This book by Guy Chevreau (Turnings) has helped to answer my dilemma over my future. I now understand that I don't have to fear the future because..here where I had fear over the future and how to provide for myself, Chevreau is saying that our problem is that we have too much provision and too much security financially and we depend on that. He is saying that having less is more.
By not having a secure future I'm in a better position to be absolutely dependent on God.
He talks about the meaning of absolute dependence. He and Heidi Baker were looking for a few pennies he could borrow for a sermon illustration while visiting her in Pemba, northern Mozambique. It is a "hard" Muslim province where they were having a church conference. They talked to nearly a dozen pastors, and not one of these 'mighty men of God' had even a penny to loan him. 'It was a most staggering realization of the absolute dependence these pastors live continuously.'
Can you imagine that? These men of God don't even carry spare change. We carry change, cash, credit cards, cell phones, etc. We carry so much "security." And recently I earned much less in my paycheck, and that in answer to giving more to the work of the church, and I was surprised at first but not now. I thought, "OK, God is trying to teach me dependence."
Chevreau also talks about our need to concern ourselves with those less fortunate than us. He says: "If we keep praying for 'more' without a growing commitment to those who have so much less, we need to concede that in the living out of our faith, there's something fundamentally wrong."
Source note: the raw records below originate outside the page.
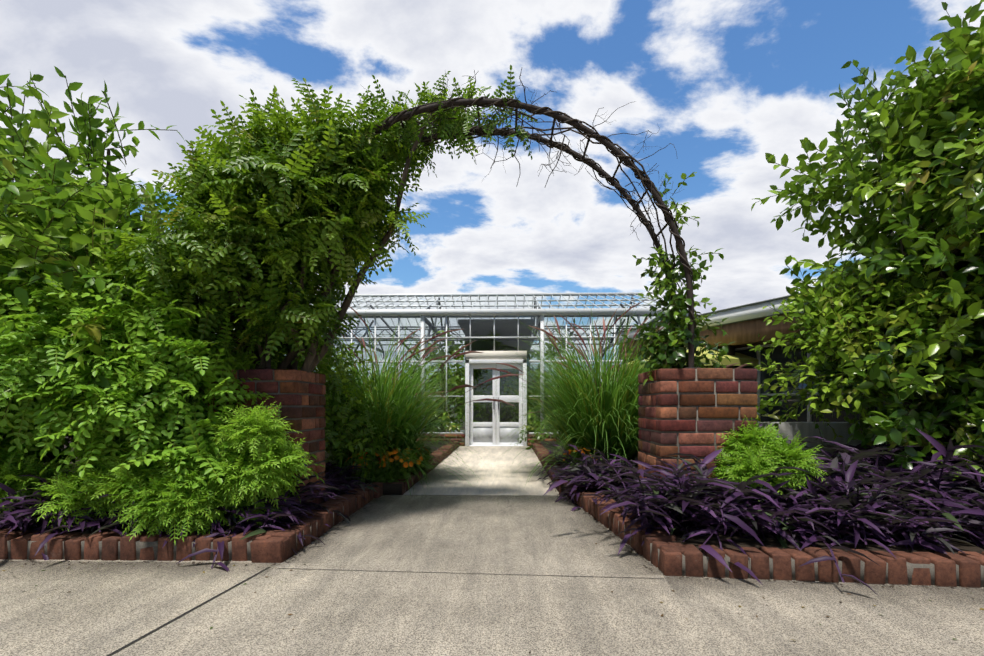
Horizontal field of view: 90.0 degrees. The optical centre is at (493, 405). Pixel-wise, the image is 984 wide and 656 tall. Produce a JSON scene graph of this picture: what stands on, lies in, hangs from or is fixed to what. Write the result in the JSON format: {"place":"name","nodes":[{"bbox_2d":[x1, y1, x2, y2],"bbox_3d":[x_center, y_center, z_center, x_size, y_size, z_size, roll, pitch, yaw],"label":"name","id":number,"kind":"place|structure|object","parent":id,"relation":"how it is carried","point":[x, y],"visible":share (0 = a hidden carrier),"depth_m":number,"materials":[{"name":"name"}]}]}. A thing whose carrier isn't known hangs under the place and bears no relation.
{"place":"outdoors","nodes":[
{"label":"outdoors","id":0,"kind":"place"},
{"bbox_2d":[65,407,464,491],"bbox_3d":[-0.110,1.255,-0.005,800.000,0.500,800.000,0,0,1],"label":"ground","id":1,"kind":"structure","parent":0,"point":[450,417],"depth_m":27.55,"materials":[{"name":"green plant"}]},
{"bbox_2d":[198,292,687,434],"bbox_3d":[-2.905,-1.512,16.375,15.661,4.445,8.145,0,0,1],"label":"greenhouse frame","id":2,"kind":"object","parent":1,"relation":"on","point":[423,313],"visible":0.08,"depth_m":12.37,"materials":[{"name":"white metal"}]},
{"bbox_2d":[465,360,526,445],"bbox_3d":[0.052,-0.075,12.325,1.530,2.160,0.200,0,0,1],"label":"double door","id":3,"kind":"structure","parent":2,"relation":"in","point":[496,423],"depth_m":12.33,"materials":[{"name":"white metal"}]},
{"bbox_2d":[473,427,518,442],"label":"door panels","id":4,"kind":"object","parent":3,"relation":"attached to","point":[482,434],"visible":0.89,"depth_m":12.35,"materials":[{"name":"white metal"}]},
{"bbox_2d":[465,351,526,359],"bbox_3d":[0.052,-1.266,12.330,1.530,0.218,0.150,0,0,1],"label":"greenhouse door lintel","id":5,"kind":"structure","parent":2,"relation":"attached to","point":[492,355],"depth_m":12.26,"materials":[{"name":"white metal"}]},
{"bbox_2d":[351,294,661,346],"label":"greenhouse roof","id":6,"kind":"structure","parent":2,"relation":"in","point":[491,308],"depth_m":15.31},
{"bbox_2d":[333,315,686,432],"bbox_3d":[-2.889,-0.795,16.408,15.600,3.000,8.012,0,0,1],"label":"greenhouse glass","id":7,"kind":"object","parent":2,"relation":"in","point":[482,347],"visible":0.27,"depth_m":12.36,"materials":[{"name":"clear glass"}]},
{"bbox_2d":[70,434,564,445],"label":"greenhouse plinth bricks","id":8,"kind":"object","parent":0,"point":[463,435],"visible":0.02,"depth_m":12.28,"materials":[{"name":"red brick"}]},
{"bbox_2d":[444,434,558,442],"bbox_3d":[-2.992,0.859,12.403,15.596,0.292,0.126,0,0,1],"label":"greenhouse plinth mortar","id":9,"kind":"object","parent":8,"relation":"on","point":[463,439],"visible":0.07,"depth_m":12.28,"materials":[{"name":"grey concrete"}]},
{"bbox_2d":[278,296,660,364],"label":"greenhouse trusses","id":10,"kind":"object","parent":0,"point":[429,324],"visible":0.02,"depth_m":13.82,"materials":[{"name":"white metal"}]},
{"bbox_2d":[403,446,558,495],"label":"garden path","id":11,"kind":"structure","parent":0,"point":[495,473],"depth_m":7.08,"materials":[{"name":"beige concrete"}]},
{"bbox_2d":[0,495,983,655],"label":"forecourt pavement","id":12,"kind":"structure","parent":0,"point":[346,607],"depth_m":2.50,"materials":[{"name":"concrete"}]},
{"bbox_2d":[107,495,663,655],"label":"pavement joints","id":13,"kind":"object","parent":12,"relation":"in","point":[128,644],"visible":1,"depth_m":2.68,"materials":[{"name":"grey concrete"}]},
{"bbox_2d":[203,368,757,515],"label":"gate pillar bricks","id":14,"kind":"object","parent":12,"relation":"on","point":[649,400],"visible":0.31,"depth_m":3.84,"materials":[{"name":"red brick"}]},
{"bbox_2d":[83,65,536,373],"bbox_3d":[-1.490,-1.093,4.368,3.451,3.991,2.269,0,0,-23],"label":"arch vine","id":15,"kind":"object","parent":14,"relation":"on","point":[253,184],"depth_m":3.81,"materials":[{"name":"green plant"}]},
{"bbox_2d":[257,98,701,369],"bbox_3d":[-0.131,-1.399,4.227,3.580,2.218,0.540,0,0,1],"label":"garden arch","id":16,"kind":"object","parent":14,"relation":"on","point":[614,149],"visible":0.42,"depth_m":4.00,"materials":[{"name":"brown metal"}]},
{"bbox_2d":[620,172,732,385],"bbox_3d":[1.516,-1.075,4.159,0.844,1.829,0.896,0,0,-30],"label":"climbing vine","id":17,"kind":"object","parent":16,"relation":"attached to","point":[673,336],"visible":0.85,"depth_m":4.09,"materials":[{"name":"green plant"}]},
{"bbox_2d":[208,369,755,501],"bbox_3d":[-0.132,0.358,4.207,4.356,1.295,0.636,0,0,1],"label":"gate pillar mortar","id":18,"kind":"object","parent":14,"relation":"in","point":[696,419],"visible":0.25,"depth_m":3.85,"materials":[{"name":"grey concrete"}]},
{"bbox_2d":[275,68,695,364],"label":"bare vines","id":19,"kind":"object","parent":14,"relation":"on","point":[562,144],"visible":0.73,"depth_m":4.10,"materials":[{"name":"brown plant"}]},
{"bbox_2d":[0,441,983,587],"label":"bed edging bricks","id":20,"kind":"object","parent":12,"relation":"on","point":[274,546],"visible":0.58,"depth_m":3.18,"materials":[{"name":"brown brick"}]},
{"bbox_2d":[7,487,983,586],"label":"bed edging mortar","id":21,"kind":"object","parent":20,"relation":"on","point":[910,566],"visible":0.06,"depth_m":2.89,"materials":[{"name":"grey concrete"}]},
{"bbox_2d":[0,495,983,609],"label":"paving stains","id":22,"kind":"object","parent":12,"relation":"on","point":[546,500],"visible":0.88,"depth_m":2.99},
{"bbox_2d":[2,495,983,652],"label":"fallen leaves","id":23,"kind":"object","parent":12,"relation":"on","point":[892,585],"visible":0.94,"depth_m":3.04,"materials":[{"name":"brown plant"}]},
{"bbox_2d":[0,0,983,406],"label":"sky","id":24,"kind":"structure","parent":0,"point":[729,84],"materials":[{"name":"blue"}]},
{"bbox_2d":[363,318,621,433],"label":"greenhouse interior plants","id":25,"kind":"object","parent":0,"point":[454,349],"visible":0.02,"depth_m":14.24,"materials":[{"name":"green plant"}]},
{"bbox_2d":[1,441,983,553],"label":"bed soil","id":26,"kind":"structure","parent":0,"point":[695,541],"depth_m":3.20,"materials":[{"name":"brown soil"}]},
{"bbox_2d":[83,149,154,453],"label":"shrub stems","id":27,"kind":"object","parent":26,"relation":"on","point":[108,163],"visible":0.08,"depth_m":4.59,"materials":[{"name":"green plant"}]},
{"bbox_2d":[0,66,264,476],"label":"leaf shrub","id":28,"kind":"object","parent":26,"relation":"on","point":[54,226],"visible":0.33,"depth_m":4.01,"materials":[{"name":"green plant"}]},
{"bbox_2d":[0,240,323,531],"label":"locust shrub","id":29,"kind":"object","parent":26,"relation":"on","point":[99,413],"depth_m":3.42,"materials":[{"name":"green plant"}]},
{"bbox_2d":[0,457,381,571],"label":"purple plants","id":30,"kind":"object","parent":26,"relation":"on","point":[20,517],"visible":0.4,"depth_m":3.40,"materials":[{"name":"purple plant"}]},
{"bbox_2d":[202,328,416,483],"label":"bed shrubs","id":31,"kind":"object","parent":26,"relation":"on","point":[337,407],"visible":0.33,"depth_m":5.30,"materials":[{"name":"green plant"}]},
{"bbox_2d":[0,398,827,543],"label":"asparagus fern plants","id":32,"kind":"object","parent":26,"relation":"on","point":[273,460],"visible":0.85,"depth_m":3.41,"materials":[{"name":"green plant"}]},
{"bbox_2d":[338,442,596,483],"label":"marigold plants","id":33,"kind":"object","parent":26,"relation":"on","point":[394,470],"depth_m":5.73,"materials":[{"name":"plant"}]},
{"bbox_2d":[191,361,788,449],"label":"bed shrubs","id":34,"kind":"object","parent":26,"relation":"on","point":[762,401],"visible":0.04,"depth_m":11.03,"materials":[{"name":"green plant"}]},
{"bbox_2d":[300,303,758,495],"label":"fountain grass","id":35,"kind":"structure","parent":26,"relation":"on","point":[618,434],"depth_m":6.33,"materials":[{"name":"green plant"}]},
{"bbox_2d":[337,300,752,463],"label":"grass plumes","id":36,"kind":"object","parent":35,"relation":"attached to","point":[506,375],"visible":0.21,"depth_m":6.86,"materials":[{"name":"plant"}]},
{"bbox_2d":[622,346,758,373],"bbox_3d":[3.891,-0.995,9.695,2.700,0.600,2.700,0,0,1],"label":"shrub","id":37,"kind":"object","parent":26,"relation":"on","point":[740,359],"depth_m":8.58,"materials":[{"name":"green plant"}]},
{"bbox_2d":[536,424,983,593],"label":"purple plants","id":38,"kind":"object","parent":26,"relation":"on","point":[867,495],"visible":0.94,"depth_m":3.31,"materials":[{"name":"purple plant"}]},
{"bbox_2d":[623,345,915,415],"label":"pavilion posts","id":39,"kind":"object","parent":26,"relation":"on","point":[731,350],"depth_m":8.70,"materials":[{"name":"brown wood"}]},
{"bbox_2d":[757,422,972,461],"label":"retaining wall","id":40,"kind":"structure","parent":26,"relation":"on","point":[790,430],"depth_m":6.09,"materials":[{"name":"grey concrete"}]},
{"bbox_2d":[747,229,983,451],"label":"shrub","id":41,"kind":"object","parent":26,"relation":"on","point":[836,339],"visible":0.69,"depth_m":4.66,"materials":[{"name":"green plant"}]},
{"bbox_2d":[751,0,983,483],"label":"shrub","id":42,"kind":"object","parent":26,"relation":"on","point":[946,109],"depth_m":4.54,"materials":[{"name":"green plant"}]},
{"bbox_2d":[458,319,533,432],"bbox_3d":[0.083,-0.595,13.524,1.930,3.200,2.200,0,0,1],"label":"greenhouse vestibule","id":43,"kind":"object","parent":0,"point":[498,332],"depth_m":14.50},
{"bbox_2d":[436,363,559,431],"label":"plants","id":44,"kind":"object","parent":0,"point":[442,381],"depth_m":14.54,"materials":[{"name":"green plant"}]},
{"bbox_2d":[614,295,788,342],"bbox_3d":[7.635,-1.564,9.149,7.040,0.262,8.040,0,0,-24],"label":"roof edge","id":45,"kind":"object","parent":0,"point":[769,300],"depth_m":8.34,"materials":[{"name":"grey metal"}]},
{"bbox_2d":[615,298,791,343],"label":"roof","id":46,"kind":"structure","parent":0,"point":[746,312],"depth_m":8.31,"materials":[{"name":"grey metal"}]},
{"bbox_2d":[619,312,807,359],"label":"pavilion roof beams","id":47,"kind":"structure","parent":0,"point":[741,334],"depth_m":8.34,"materials":[{"name":"brown wood"}]},
{"bbox_2d":[715,340,952,421],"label":"pavilion mullions","id":48,"kind":"object","parent":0,"point":[809,417],"visible":0.04,"depth_m":8.49,"materials":[{"name":"metal"}]},
{"bbox_2d":[670,337,982,450],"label":"pavilion glazing","id":49,"kind":"structure","parent":48,"relation":"in","point":[778,355],"depth_m":8.26,"materials":[{"name":"glass"}]}
]}

I'm only beginning to learn and understand this. It is after this that he talks about Mother Theresa, and I am humbled to realize her commitment to God and to the poor.
Don't get me wrong. I'm not saying that suddenly my concern for the future is now made easy. But I have had a "turning" because of this book. Just a few words and fear is dissipating. This man operates out of a higher order.
All I know is that I want to be in the will of God, where things make sense, and where I know I'm doing what He wants me to do. If He wants me to have very little, depending on Him moment by moment for the smallest thing, then so be it. As long as I can know His power and see His hand at work and be free from depending on my own power.
I think it should be our goal to die sharing the gospel. What else should it be - that we die rotting away in old age? Go out with a blaze of glory, I say! We have to dispense with the comfortable life.